EXERCISE REQUIREMENTS ▸
Omitting any pictures, transcribe the entries below exactly.
[[ DATASET open ]]
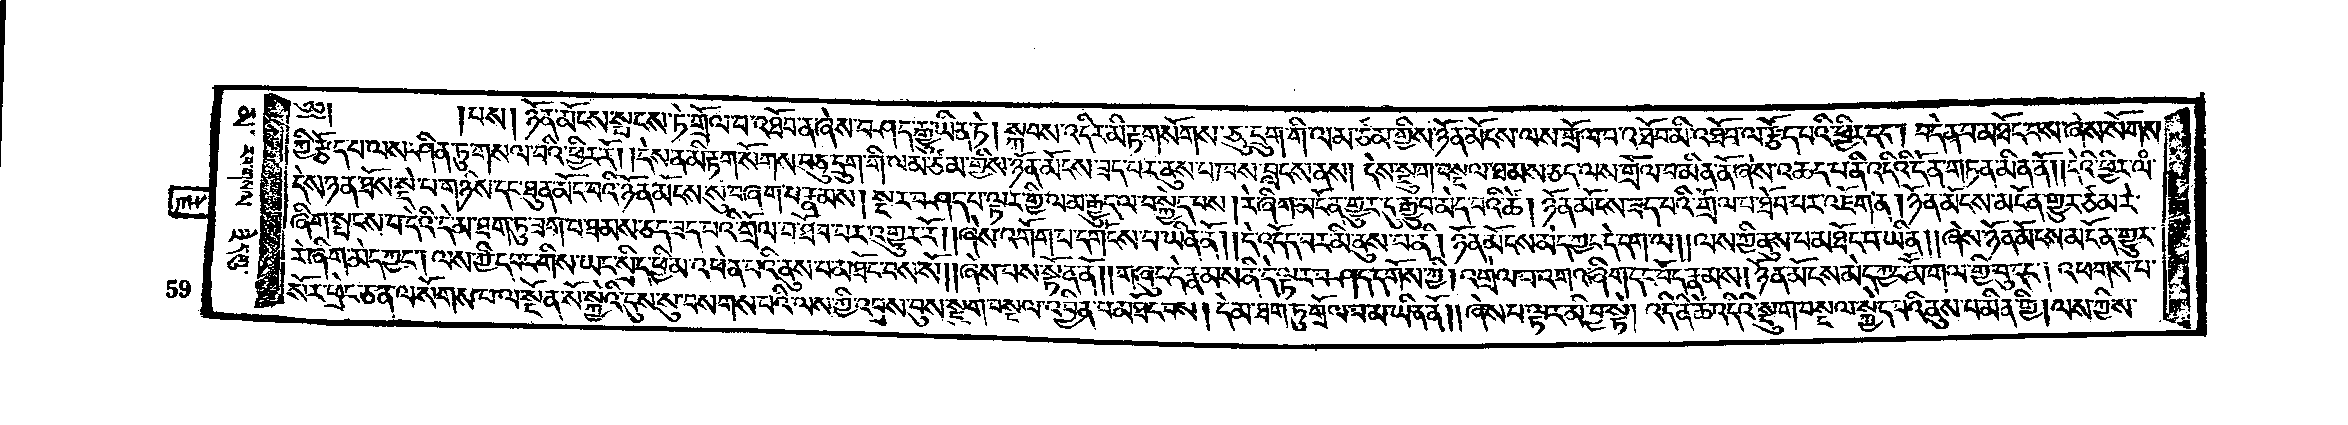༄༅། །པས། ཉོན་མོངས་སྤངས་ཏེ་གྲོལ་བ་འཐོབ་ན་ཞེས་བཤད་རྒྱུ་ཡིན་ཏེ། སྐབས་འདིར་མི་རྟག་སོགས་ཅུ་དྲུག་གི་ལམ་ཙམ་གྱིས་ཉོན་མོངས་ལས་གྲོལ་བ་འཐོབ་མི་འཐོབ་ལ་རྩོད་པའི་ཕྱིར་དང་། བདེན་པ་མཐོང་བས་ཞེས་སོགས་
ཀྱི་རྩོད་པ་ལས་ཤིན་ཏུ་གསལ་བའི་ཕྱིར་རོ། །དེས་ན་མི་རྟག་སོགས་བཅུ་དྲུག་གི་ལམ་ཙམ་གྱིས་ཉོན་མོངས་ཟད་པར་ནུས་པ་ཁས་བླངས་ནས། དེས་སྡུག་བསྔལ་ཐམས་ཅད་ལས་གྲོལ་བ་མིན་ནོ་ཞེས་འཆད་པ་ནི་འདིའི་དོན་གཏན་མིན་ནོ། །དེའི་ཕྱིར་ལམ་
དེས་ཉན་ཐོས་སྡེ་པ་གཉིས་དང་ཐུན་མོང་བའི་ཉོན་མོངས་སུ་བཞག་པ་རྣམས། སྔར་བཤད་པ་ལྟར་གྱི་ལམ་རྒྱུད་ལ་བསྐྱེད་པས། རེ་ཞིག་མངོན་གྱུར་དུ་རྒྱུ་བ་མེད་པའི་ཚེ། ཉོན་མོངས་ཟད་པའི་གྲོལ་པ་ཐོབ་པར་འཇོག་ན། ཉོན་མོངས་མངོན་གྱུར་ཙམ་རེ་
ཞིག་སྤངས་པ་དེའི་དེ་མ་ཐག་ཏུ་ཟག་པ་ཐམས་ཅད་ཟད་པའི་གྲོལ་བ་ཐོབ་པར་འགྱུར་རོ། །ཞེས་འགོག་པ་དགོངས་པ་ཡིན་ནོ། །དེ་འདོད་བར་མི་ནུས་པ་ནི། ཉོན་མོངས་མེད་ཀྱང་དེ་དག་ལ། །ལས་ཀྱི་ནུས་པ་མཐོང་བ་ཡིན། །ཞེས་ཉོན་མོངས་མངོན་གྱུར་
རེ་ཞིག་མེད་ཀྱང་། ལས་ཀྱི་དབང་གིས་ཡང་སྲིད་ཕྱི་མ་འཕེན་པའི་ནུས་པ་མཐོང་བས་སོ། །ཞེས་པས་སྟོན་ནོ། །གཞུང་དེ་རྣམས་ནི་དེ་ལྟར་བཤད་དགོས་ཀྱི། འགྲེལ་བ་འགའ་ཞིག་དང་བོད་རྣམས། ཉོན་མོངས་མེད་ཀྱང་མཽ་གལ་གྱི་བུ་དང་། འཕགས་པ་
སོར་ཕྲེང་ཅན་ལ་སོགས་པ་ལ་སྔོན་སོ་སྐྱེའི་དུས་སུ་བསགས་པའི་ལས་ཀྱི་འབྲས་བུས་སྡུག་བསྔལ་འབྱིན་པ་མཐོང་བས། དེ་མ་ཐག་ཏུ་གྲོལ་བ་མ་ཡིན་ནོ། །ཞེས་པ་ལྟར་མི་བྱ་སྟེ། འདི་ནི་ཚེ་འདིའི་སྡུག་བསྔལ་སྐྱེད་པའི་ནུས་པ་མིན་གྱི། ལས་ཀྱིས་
[[ DATASET closed ]]
WRITTEN REPLY ▸
༄༅། །པས། ཉོན་མོངས་སྤངས་ཏེ་གྲོལ་བ་འཐོབ་ན་ཞེས་བཤད་རྒྱུ་ཡིན་ཏེ། སྐབས་འདིར་མི་རྟག་སོགས་ཅུ་དྲུག་གི་ལམ་ཙམ་གྱིས་ཉོན་མོངས་ལས་གྲོལ་བ་འཐོབ་མི་འཐོབ་ལ་རྩོད་པའི་ཕྱིར་དང་། བདེན་པ་མཐོང་བས་ཞེས་སོགས་
ཀྱི་རྩོད་པ་ལས་ཤིན་ཏུ་གསལ་བའི་ཕྱིར་རོ། །དེས་ན་མི་རྟག་སོགས་བཅུ་དྲུག་གི་ལམ་ཙམ་གྱིས་ཉོན་མོངས་ཟད་པར་ནུས་པ་ཁས་བླངས་ནས། དེས་སྡུག་བསྔལ་ཐམས་ཅད་ལས་གྲོལ་བ་མིན་ནོ་ཞེས་འཆད་པ་ནི་འདིའི་དོན་གཏན་མིན་ནོ། །དེའི་ཕྱིར་ལམ་
དེས་ཉན་ཐོས་སྡེ་པ་གཉིས་དང་ཐུན་མོང་བའི་ཉོན་མོངས་སུ་བཞག་པ་རྣམས། སྔར་བཤད་པ་ལྟར་གྱི་ལམ་རྒྱུད་ལ་བསྐྱེད་པས། རེ་ཞིག་མངོན་གྱུར་དུ་རྒྱུ་བ་མེད་པའི་ཚེ། ཉོན་མོངས་ཟད་པའི་གྲོལ་པ་ཐོབ་པར་འཇོག་ན། ཉོན་མོངས་མངོན་གྱུར་ཙམ་རེ་
ཞིག་སྤངས་པ་དེའི་དེ་མ་ཐག་ཏུ་ཟག་པ་ཐམས་ཅད་ཟད་པའི་གྲོལ་བ་ཐོབ་པར་འགྱུར་རོ། །ཞེས་འགོག་པ་དགོངས་པ་ཡིན་ནོ། །དེ་འདོད་བར་མི་ནུས་པ་ནི། ཉོན་མོངས་མེད་ཀྱང་དེ་དག་ལ། །ལས་ཀྱི་ནུས་པ་མཐོང་བ་ཡིན། །ཞེས་ཉོན་མོངས་མངོན་གྱུར་
རེ་ཞིག་མེད་ཀྱང་། ལས་ཀྱི་དབང་གིས་ཡང་སྲིད་ཕྱི་མ་འཕེན་པའི་ནུས་པ་མཐོང་བས་སོ། །ཞེས་པས་སྟོན་ནོ། །གཞུང་དེ་རྣམས་ནི་དེ་ལྟར་བཤད་དགོས་ཀྱི། འགྲེལ་བ་འགའ་ཞིག་དང་བོད་རྣམས། ཉོན་མོངས་མེད་ཀྱང་མཽ་གལ་གྱི་བུ་དང་། འཕགས་པ་
སོར་ཕྲེང་ཅན་ལ་སོགས་པ་ལ་སྔོན་སོ་སྐྱེའི་དུས་སུ་བསགས་པའི་ལས་ཀྱི་འབྲས་བུས་སྡུག་བསྔལ་འབྱིན་པ་མཐོང་བས། དེ་མ་ཐག་ཏུ་གྲོལ་བ་མ་ཡིན་ནོ། །ཞེས་པ་ལྟར་མི་བྱ་སྟེ། འདི་ནི་ཚེ་འདིའི་སྡུག་བསྔལ་སྐྱེད་པའི་ནུས་པ་མིན་གྱི། ལས་ཀྱིས་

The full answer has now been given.